(DESCRIPTION OF THE TASK): Your output should be the records below, word for word and picture-free.

┌─ DATA SHOWN

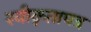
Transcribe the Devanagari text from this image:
स्वीकृतापत्र
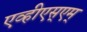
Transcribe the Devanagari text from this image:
एव्हीएस्एम्
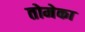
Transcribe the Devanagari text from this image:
तोमेका
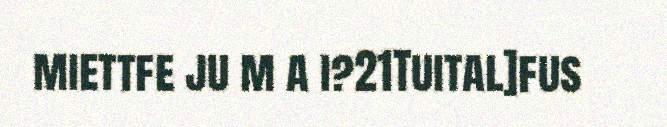
miettfe ju m a i?21Tuital]fus
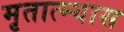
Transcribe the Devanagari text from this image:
मृतात्म्यास
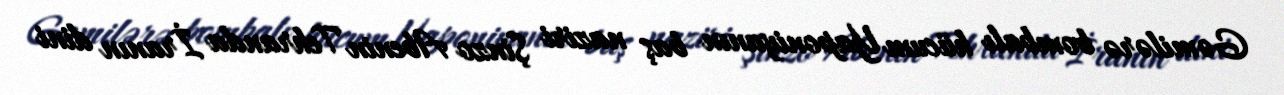
Gəmilərə bombalı hücum Yaponiyanın baş naziri Şinzo Abenin Tehranda İranın dini
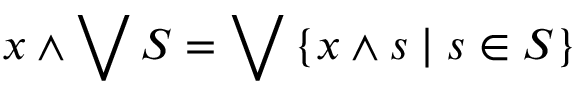
x \wedge \bigvee S = \bigvee \left\{ x \wedge s \mid s \in S \right\}
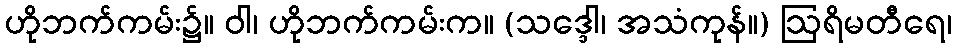
ဟိုဘက်ကမ်း၌။ ဝါ၊ ဟိုဘက်ကမ်းက။ (သဒ္ဒေါ၊ အသံကုန်။) ဩရိမတီရေ၊
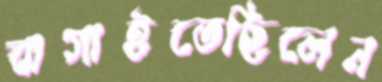
বাগাইতেছিলেন
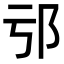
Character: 𨙱
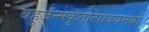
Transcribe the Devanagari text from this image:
बहुजन्मकृतात्पादयमर्थो

└─

(EXERCISE ANSWER):
Transcribe the Devanagari text from this image:
स्वीकृतापत्र
Transcribe the Devanagari text from this image:
एव्हीएस्एम्
Transcribe the Devanagari text from this image:
तोमेका
miettfe ju m a i?21Tuital]fus
Transcribe the Devanagari text from this image:
मृतात्म्यास
Gəmilərə bombalı hücum Yaponiyanın baş naziri Şinzo Abenin Tehranda İranın dini
x \wedge \bigvee S = \bigvee \left\{ x \wedge s \mid s \in S \right\}
ဟိုဘက်ကမ်း၌။ ဝါ၊ ဟိုဘက်ကမ်းက။ (သဒ္ဒေါ၊ အသံကုန်။) ဩရိမတီရေ၊
বাগাইতেছিলেন
Character: 𨙱
Transcribe the Devanagari text from this image:
बहुजन्मकृतात्पादयमर्थो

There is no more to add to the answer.